SOURCE DATA

####################

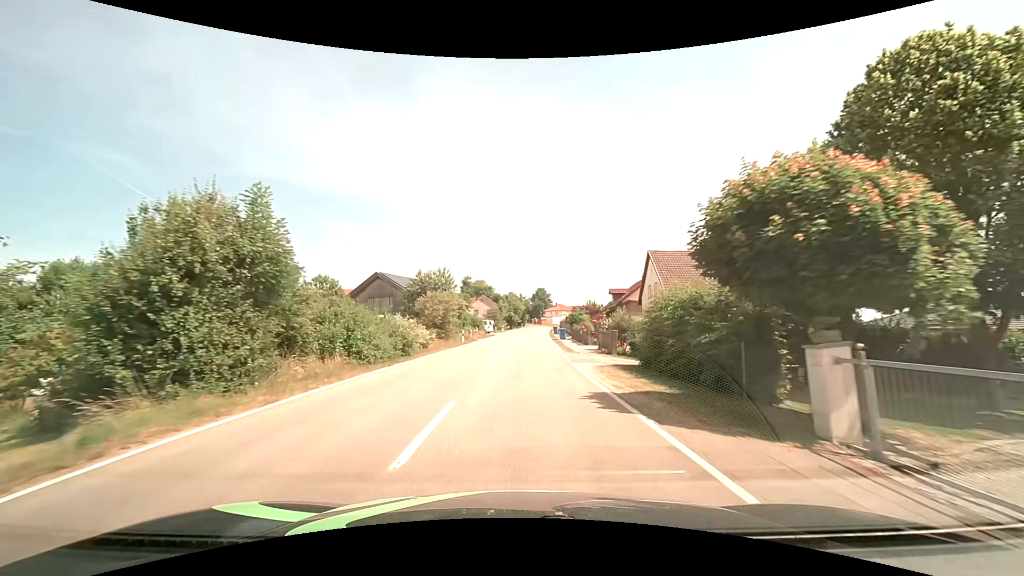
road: tertiary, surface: asphalt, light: Day
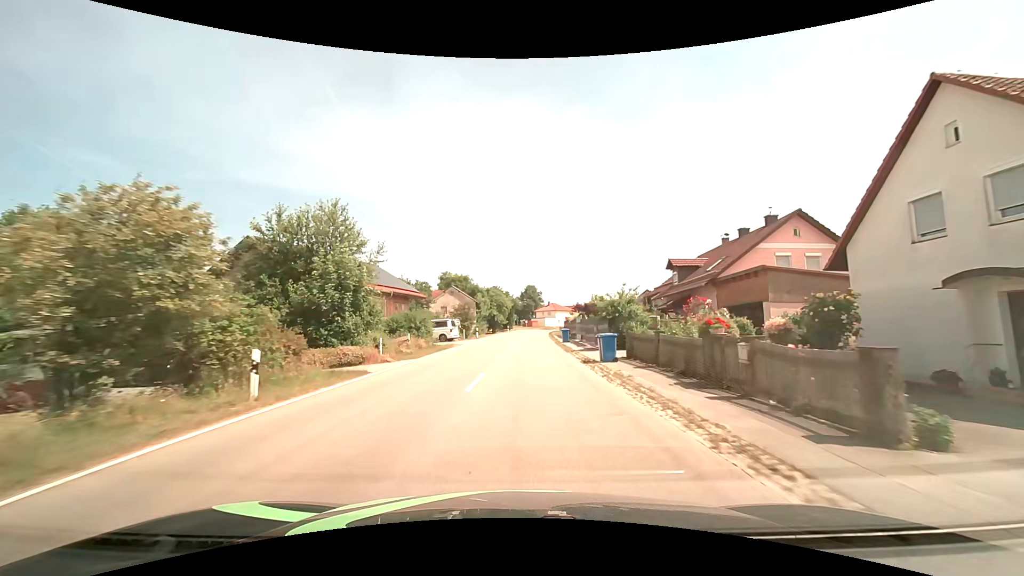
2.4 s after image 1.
(+0.4, +30.2) m; +1°
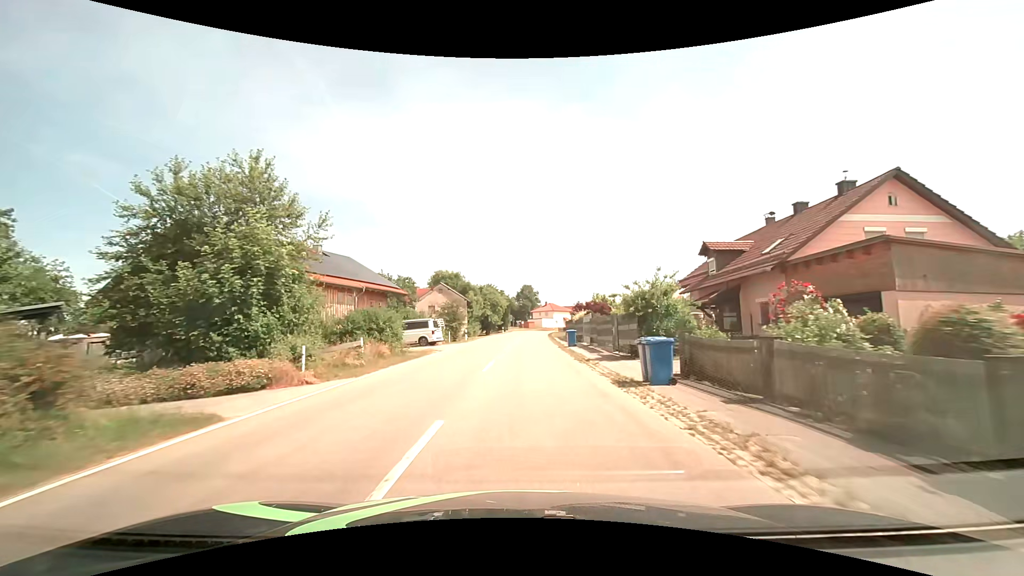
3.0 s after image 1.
(0.0, +7.3) m; 0°
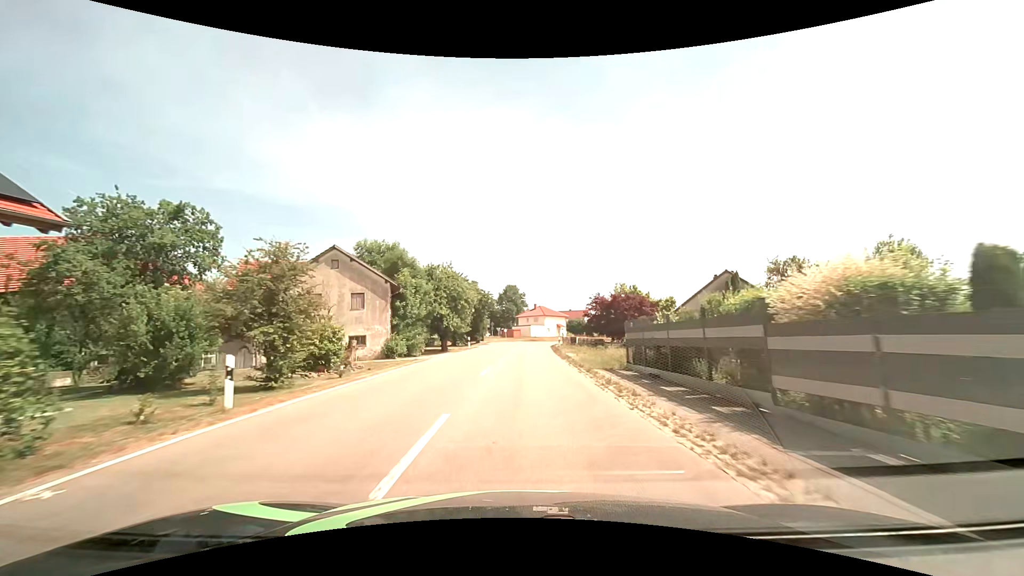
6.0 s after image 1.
(+0.4, +35.3) m; +2°
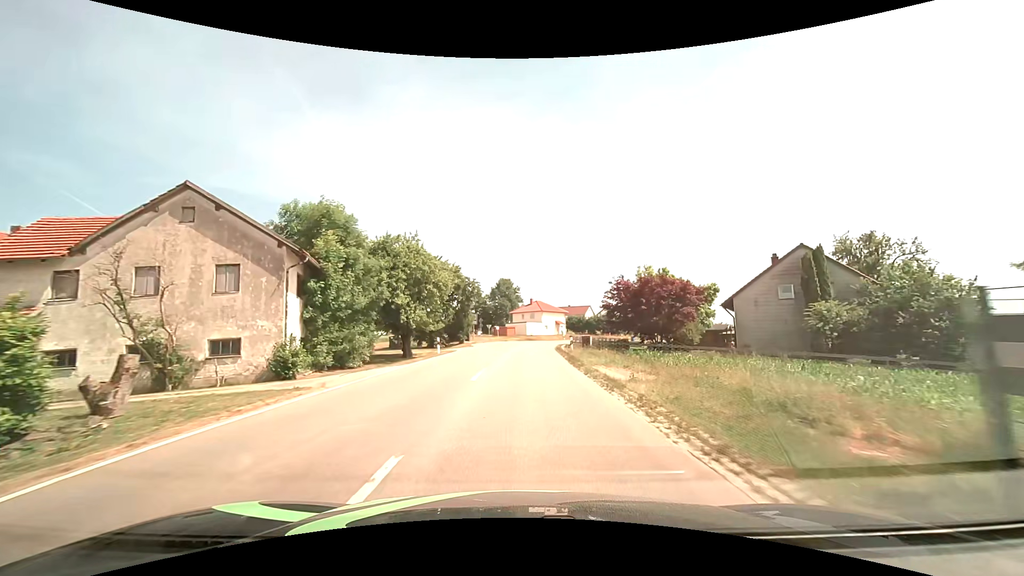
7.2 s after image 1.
(+0.1, +14.5) m; +1°
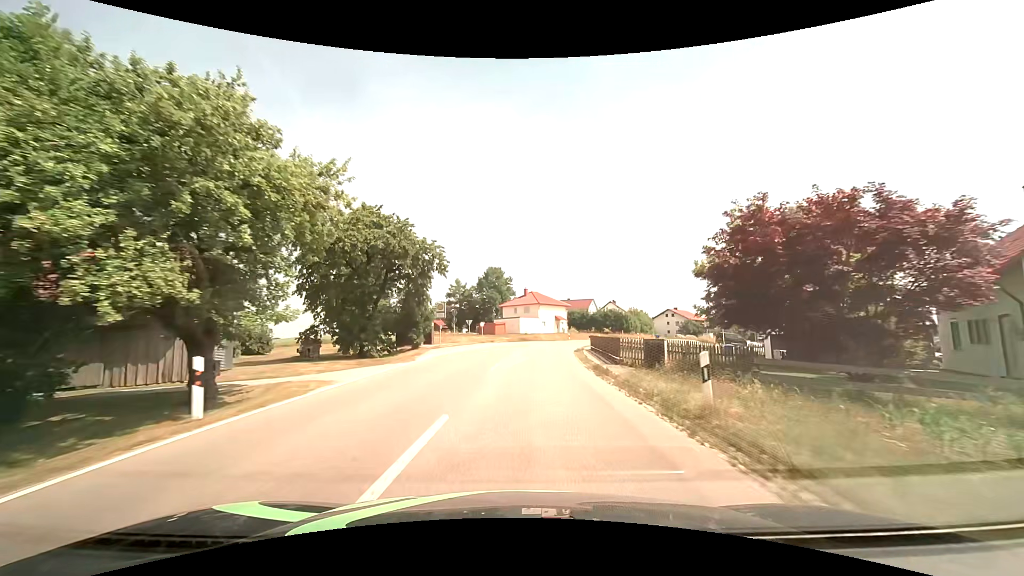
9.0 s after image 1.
(+0.2, +22.4) m; +1°
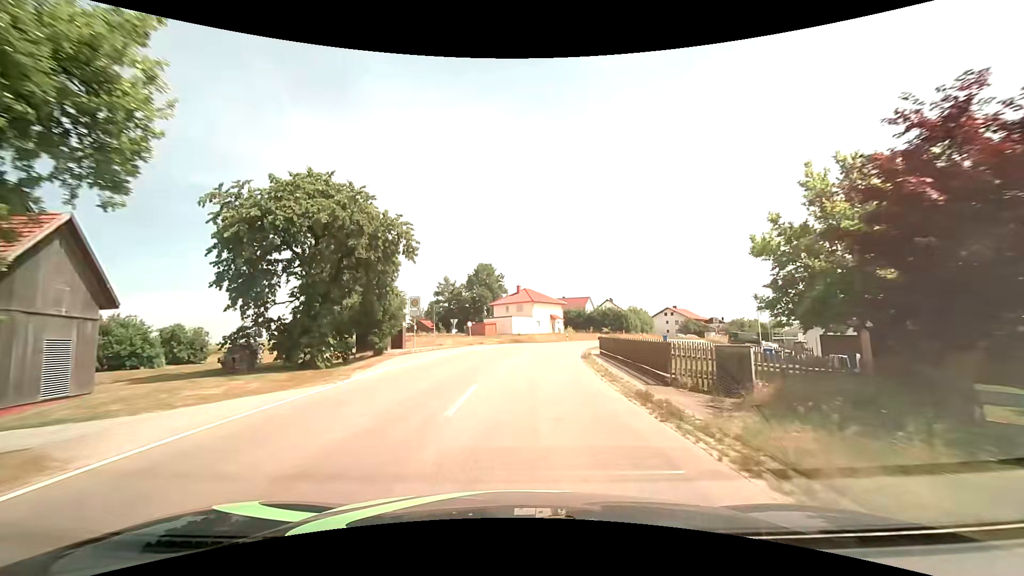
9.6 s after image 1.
(+0.1, +7.5) m; +1°
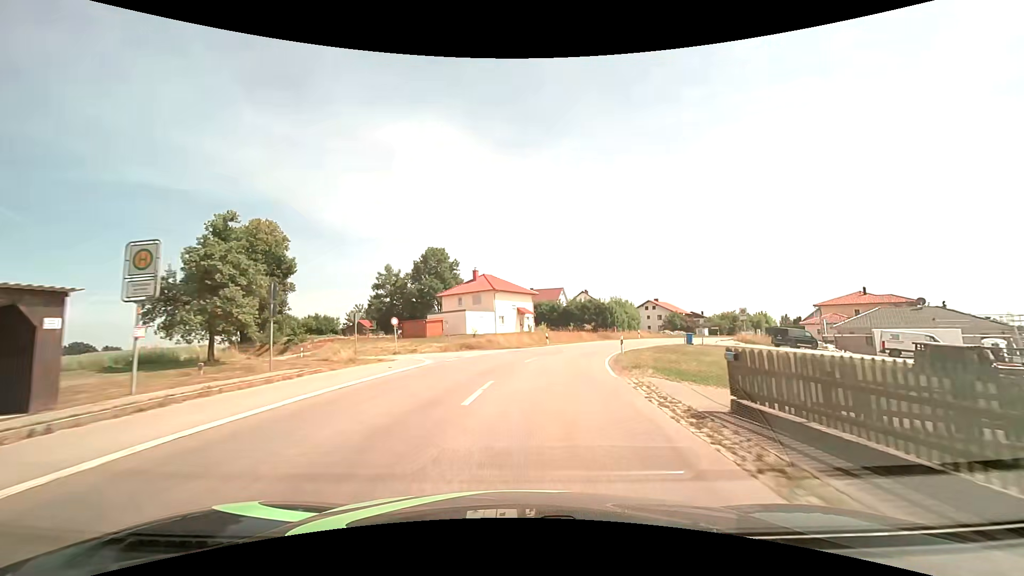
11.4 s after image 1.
(+0.7, +22.6) m; +5°
(0, +10) (+1, +20) (+3, +30) (+6, +39) (+11, +48) (+16, +57) (+22, +65) (+27, +73) (+33, +81) (+39, +89) m

####################

REQUIRED ACTION
Give back all the data exactly, minus pictures.

FINISHED EXERCISE
road: tertiary, surface: asphalt, light: Day
2.4 s after image 1.
(+0.4, +30.2) m; +1°
3.0 s after image 1.
(0.0, +7.3) m; 0°
6.0 s after image 1.
(+0.4, +35.3) m; +2°
7.2 s after image 1.
(+0.1, +14.5) m; +1°
9.0 s after image 1.
(+0.2, +22.4) m; +1°
9.6 s after image 1.
(+0.1, +7.5) m; +1°
11.4 s after image 1.
(+0.7, +22.6) m; +5°
(0, +10) (+1, +20) (+3, +30) (+6, +39) (+11, +48) (+16, +57) (+22, +65) (+27, +73) (+33, +81) (+39, +89) m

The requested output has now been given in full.